2013 yılında yüzde 20 büyüme hedefleyen CEVA Lojistik, uluslararası karayolu nakliyesi dışında bu yıl demiryolu taşımacılığına da girmeyi planlıyor. Türkiye'de taşımacılığın yüzde 90'dan fazlasının karayolu ile yapıldığını ifade eden CEVA Türkiye ve Balkanlar Genel Müdürü Fuat Adoran, uluslararası piyasalarda en ekonomik taşıma biçiminin kombine taşımacılık olduğunu vurguluyor.
"Türkiye'de demiryolu, denizyolu ve havayolunu etkin bir şekilde kullanan kombine taşımacılık anlayışa geçilmeli" diyen Adoran, sektörün gelişmesi için firmaların Avrupa Birliği (AB) ve diğer ülkeler genelinde entegrasyon sağlayarak global lojistik ağlarına dahil olması gerektiğini söylüyor.

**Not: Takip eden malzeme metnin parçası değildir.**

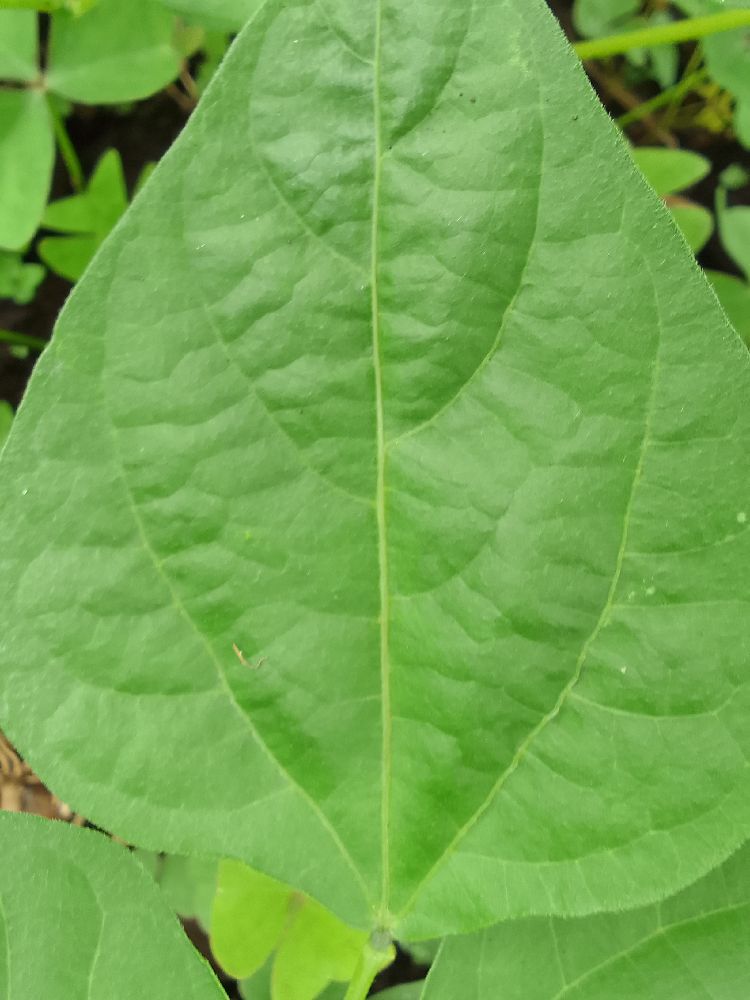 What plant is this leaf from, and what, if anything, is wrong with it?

common bean, healthy

Dış Ticaret hacmi dört kat büyüyecek
Türkiye'nin 2023 hedeflerinin lojistik sektöründe yeni hesapların yapılmasında etkili olduğunu ifade eden Adoran, gelişmeleri şöyle aktardı: "2023 yılında dünyanın ilk 10 ekonomisi arasına girme ve yaklaşık 1.2 trilyon dolarlık dış ticaret hacmine ulaşma hedefi, tüm sektörlerde geniş yankı uyandırdığı gibi lojistik sektörünü de harekete geçirdi. Bu denli büyük ticaret hacmini omuzlayacak kapasiteye ulaşılması, Türkiye lojistik sektörünün en önemli önceliği haline geldi. Mevcut dış ticaret hacminin dört kat büyümesi anlamına gelen bu hedefle birlikte, lojistik potansiyelinin de artacağı ve 2023 yılında lojistik pazarının bugüne kıyasla üç kat büyüyeceği tahmin ediliyor. Büyüyen lojistik pazarında karayolu taşımacılığında İki buçuk kat, demiryolu ve denizyolu taşımacılığında ise dört kat artış bekleniyor."

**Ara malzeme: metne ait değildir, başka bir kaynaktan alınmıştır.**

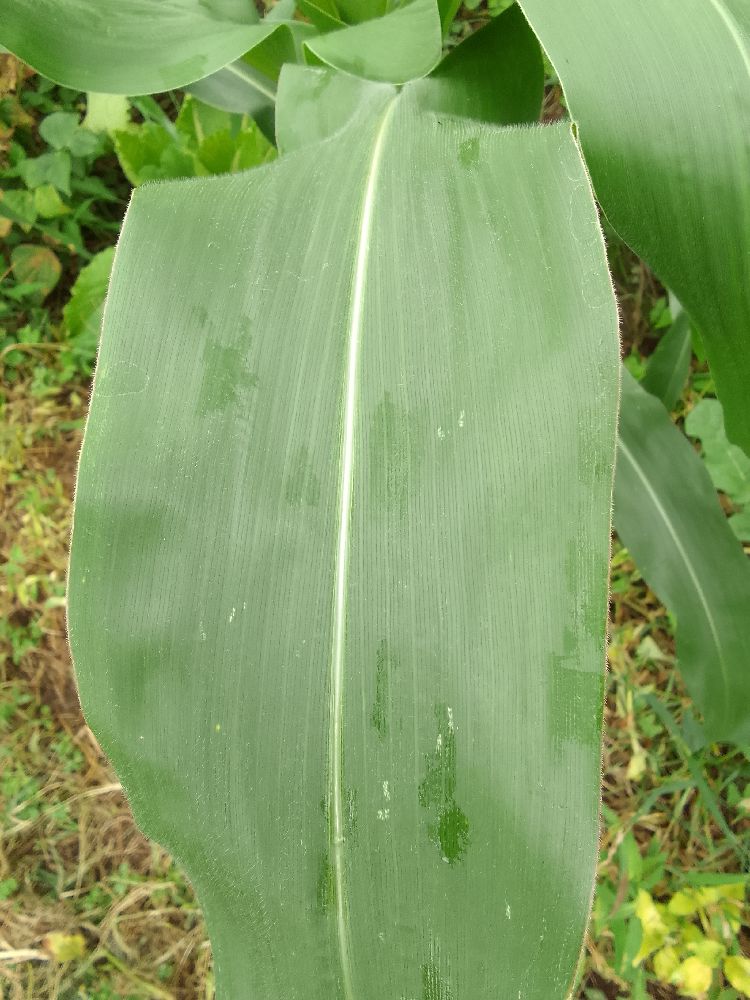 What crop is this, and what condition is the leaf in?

“2023 Hedefleri için Serbestleşme Yasası çıkmalı”
Dış ticarette dengelerin değiştiğini vurgulayan Fuat Adoran, bu değişikliklerin Türkiye'nin lojistik üs olma ihtimalini artırdığına dikkat çekiyor. Adoran, liman ve demiryolu bağlantılarının şart olduğunu söylüyor. Demiryollarının serbestleştirilme sürecinin Türkiye'nin 2023 hedeflerine ulaşmasında son derece önemli ve stratejik bir konu olduğunu vurgulayan Adoran, demiryollarının ülke yaran doğrultusunda tam rekabet koşullarına uygun bir şekilde serbestleştirilmesi gerektiğini savunuyor. Adoran'ın bu konudaki önerileri şöyle: "Serbestleştirme yasası bir an önce çıkartılmalı. Uygulamada yaşanacak geçiş süreci, kamu ile özel sektör kuruluşlarının rekabetini, eşitlik ilkelerini ihlal etmeden düzenlenmeli. Serbestleştirme yasası ve mevzuatı öngörülebilirlik unsuru çerçevesinde hazırlanmalı. Yani yasal düzenlemelerin neler olacağı, altyapı yatırımlarının ne zaman ve nasıl yapılacağı gibi önemli konuların çerçevesi açık şekilde çizilmeli. TCDD'nin veya yerine kurulacak kurumun, serbest rekabet ortamına uygun, ekonomik kural ve ilkelerin hakim olduğu bir yapıda olması sağlanmalı. Yasa ve ilgili mevzuat, bir işletmecinin piyasaya hakim duruma gelmesinin önüne geçilmesi ilkesiyle oluşturulmalı. Serbestleştirme sürecindeki tüm sertifıkasyon ve lisanslama işlemlerinin, yetkin ve bağımsız kuruluşlarca yapılması sağlanmalı. Demiryolu altyapı yatırımları ile sanayi gelişim planlarının uyumluluğu gözetilmelidir’ dedi.